[Stored data]

-- -- --

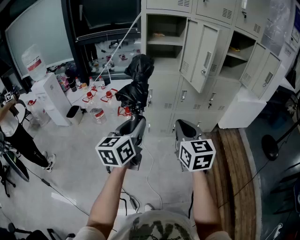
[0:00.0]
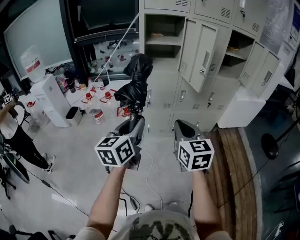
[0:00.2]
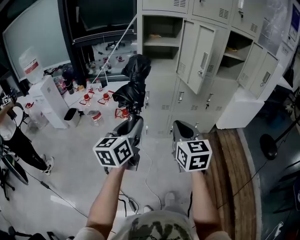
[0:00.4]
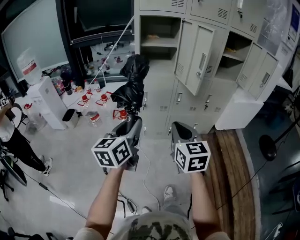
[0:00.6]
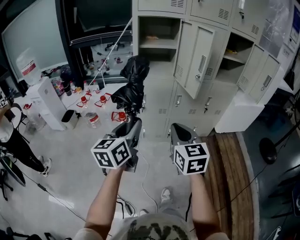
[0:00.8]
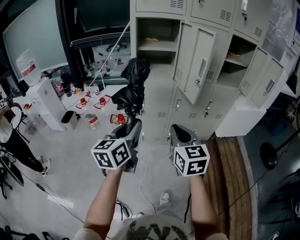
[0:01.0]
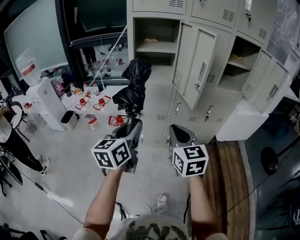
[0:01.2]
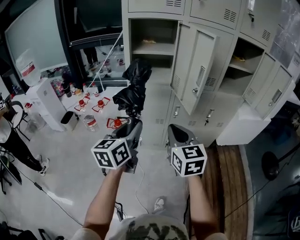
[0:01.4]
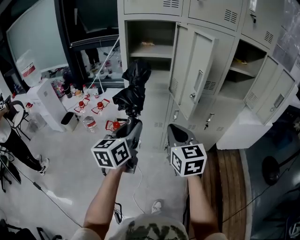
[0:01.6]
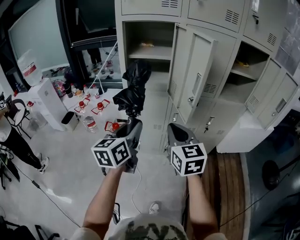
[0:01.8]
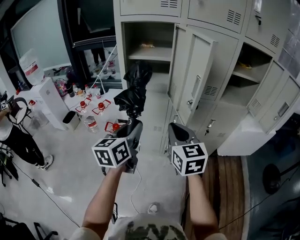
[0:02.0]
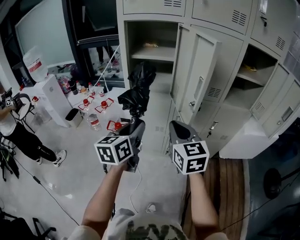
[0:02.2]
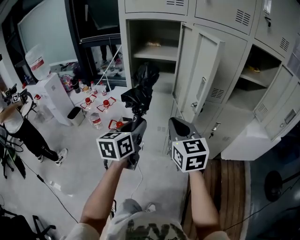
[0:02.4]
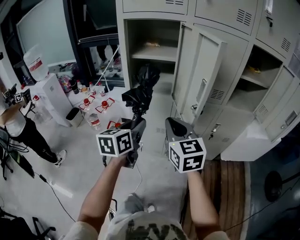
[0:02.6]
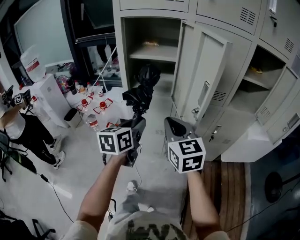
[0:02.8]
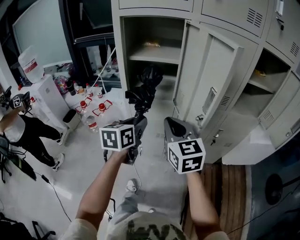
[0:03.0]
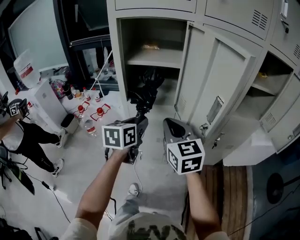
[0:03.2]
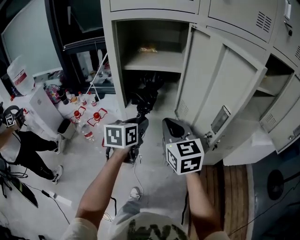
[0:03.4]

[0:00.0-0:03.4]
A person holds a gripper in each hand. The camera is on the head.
0.0 to 1.6 s: The grippers both shift forward and to the right by roughly 20 cm.
1.6 to 3.4 s: Both grippers move forward, about 20 cm.

-- -- --

AIM OF THE EXERCISE – Repeat, word for word, every line from the line that contains "A person holds" to the end of the entries; include both of those lines and no others.

RESULT FOR THIS TASK –
A person holds a gripper in each hand. The camera is on the head.
0.0 to 1.6 s: The grippers both shift forward and to the right by roughly 20 cm.
1.6 to 3.4 s: Both grippers move forward, about 20 cm.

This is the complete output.